Here is a set of five pfkA sequences resulting from the BLAST and FASTA searches that you will align and compare. Of course you could use any of the sequences that you like, or indeed all of the sequences identified by BLAST or FASTA (although the multiple alignment program would be very slow).

>EcolipfkA
MIKKIGVLTSGGDAPGMNAAIRGVVRSALTEGLEVMGIYDGYLGLYEDRMVQLDRYSVSD
MINRGGTFLGSARFPEFRDENIRAVAIENLKKRGIDALVVIGGDGSYMGAMRLTEMGFPC
IGLPGTIDNDIKGTDYTIGFFTALSTVVEAIDRLRDTSSSHQRISVVEVMGRYCGDLTLA
AAIAGGCEFVVVPEVEFSREDLVNEIKAGIAKGKKHAIVAITEHMCDVDELAHFIEKETG
RETRATVLGHIQRGGSPVPYDRILASRMGAYAIDLLLAGYGGRCVGIQNEQLVHHDIIDA
IENMKRPFKGDWLDCAKKLY
>SaltypfkA
MIKKIGVLTSGGDAPGMNAAIRGVVRAALTEGLEVMGIYDGYLGLYEDRMVQLDRYSVSD
MINRGGTFLGSARFPEFRDENIRAVAIENLKKRGIDALVVIGGDGSYMGAKRLTEMGFPC
IGLPGTIDNDIKGTDYTIGYFTALGTVVEAIDRLRDTSSSHQRISIVEVMGRYCGDLTLA
AAIAGGCEFIVVPEVEFNREDLVAEIKAGIAKGKKHAIVAITEHMCDVDELAHFIEKETG
RETRATVLGHIQRGGSPVPYDRILASRMGAYAIDLLLEGHGGRCVGIQNEQLVHHDIIDA
IENMKRPFKSDWMECAKKLY      
>VibvulpfkA
MIKKIGVLTSGGDAPGMNAAIRGVVRTALGAGLEVYGIYDGYLGLYEGRIKQLDRSSVSD
VINRGGTFLGSARFPEFKEVAVREKAIENLKAHGIDALVVIGGDGSYMGAKKLTEMGYPC
IGLPGTIDNDIAGTDYTIGYLTALNTVIESIDRLRDTSSSHQRISIVEIMGRHCGDLTLM
SAIAGGCEYIITPETGLDKEKLIGNIQDGISKGKKHAIIALTELMMDANELAKEIEAGTG
RETRATVLGHIQRGGRPTAFDRVLASRMGNYAVHLLMEGHGGRCVGIVKEQLVHHDIIDA
IENMKRPVRNDLFKVAEELF
>SpcitpfkA
MLKKIGILTSGGDSQGMNAAIAGVIKTAHAKGLETYIIRDGYLGLINNWIEVVDNNFADS
IMLLGGTVIGSARLPEFKDPEVQKKAVDILKKQEIAALVVIGGDGSYQGAQRLTELGINC
IALPGTIDNDITSSDYTIGFDTAINIVVEAIDRLRDTMQSHNRCSIVEVMGHACGIALYA
GIAGGADIISINEAALSETEIADRVAMLHQAQKRSVIVVVSEMIYPDVHKLAKLESKSGY
ITRATVLGTQRGGNPTAMDRYRAFQMAQFAVEQIIAGVGGLAIGNQGQIIARPIMEALSI
PRSSRKEIWAKFDQLNQNIYQKS
>MlepfkA
MQDEGMRIGILTGGGDCPGLNAVIRAIVRTCDARYGSSVVGFQDGWRGLLENRRMQLCND
DRNDRLLAKGGTMLGTAHVHPDKLRAGLHQIKQTLDDNGIDVLIPIGGEGTLTAAHWLSQ
EDVPVVGVPKTIDNDIDCTDVTFGHDTALTVATEAIDRLHSTAESHQRMLVEVMGRHAGW
IALSSGLASGAHMTLIPEQPFDVEEVCCLVKRRFQRGDSHFICVVAEGAKPVPGSITLRQ
GGMDEFGHERFTGVAAQLGAEVEKRINKDVRVTVLGHVQRGGTPTAFDRVLATRFGVNAA
DASHAGEYGQMVSLRGQDIGRVPLEDAVRQLKLVPESRYDDAAAFFG

Open one of the several sequence alignment software packages available on the web e.g.

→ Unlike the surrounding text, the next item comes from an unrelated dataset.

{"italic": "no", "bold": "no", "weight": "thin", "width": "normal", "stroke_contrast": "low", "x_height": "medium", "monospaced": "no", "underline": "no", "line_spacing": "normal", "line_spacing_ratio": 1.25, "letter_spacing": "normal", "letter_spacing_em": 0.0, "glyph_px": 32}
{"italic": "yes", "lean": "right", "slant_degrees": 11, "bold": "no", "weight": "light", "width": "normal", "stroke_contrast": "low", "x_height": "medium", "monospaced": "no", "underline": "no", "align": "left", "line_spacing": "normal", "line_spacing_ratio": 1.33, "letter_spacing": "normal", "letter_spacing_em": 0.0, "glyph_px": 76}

http://www.ebi.ac.uk/Tools/msa/clustalo/
--or--
http://www.bioinformatics.nl/tools/clustalw.html

At the time of writing the Dutch server was not working!

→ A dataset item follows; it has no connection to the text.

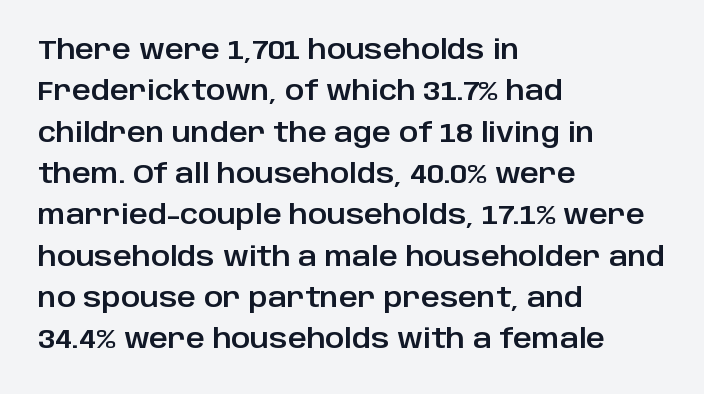
Q: Is the text italic (slanted)? A: No, it is upright.
Q: Is the text underlined? A: No.
Q: How is the paragraph aligned? A: Left-aligned.
Q: Is the spacing between letters normal or unusually wide? A: Normal.
Q: Is the spacing between lines tight, normal or loose? A: Normal.

Copy and paste into the form the whole set of pfkA sequences created above. In either case, leave all options at their default settings. Underneath the data input box you will find the Submit button to start the multiple alignment.

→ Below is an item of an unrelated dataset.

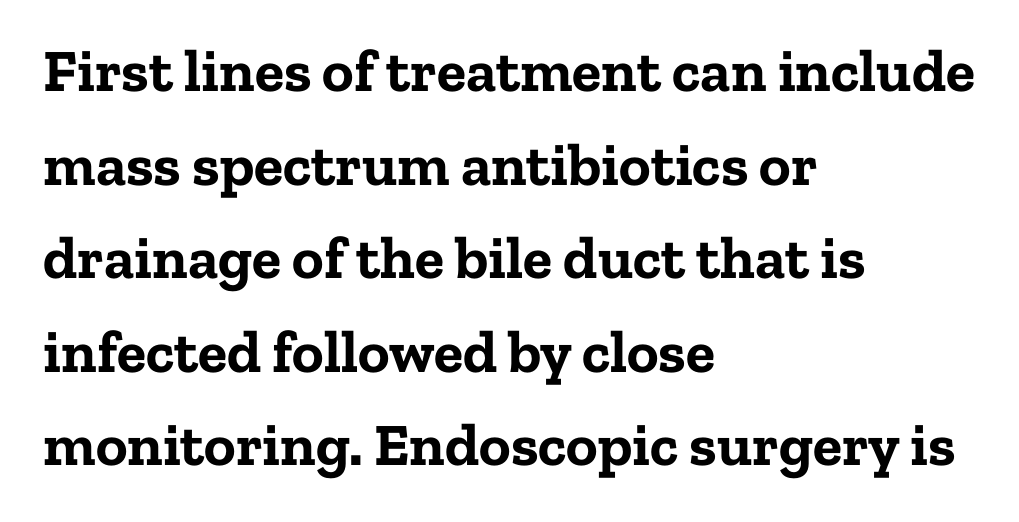
{"serif": "yes", "italic": "no", "bold": "yes", "weight": "bold", "width": "normal", "stroke_contrast": "low", "x_height": "medium", "monospaced": "no", "underline": "no", "align": "left", "line_spacing": "normal", "line_spacing_ratio": 1.56, "letter_spacing": "normal", "letter_spacing_em": 0.0, "glyph_px": 60}

Press this button and wait a few seconds or minutes while the remote computer in Cambridge or Holland will align your sequences and give you the alignment with identical residues highlighted. It will also produce a new line beneath the sequences which indicates the Consensus sequence (here a '*' represents a fully conserved residue, ':' a highly conserved residue and '.' a fairly conserved residue).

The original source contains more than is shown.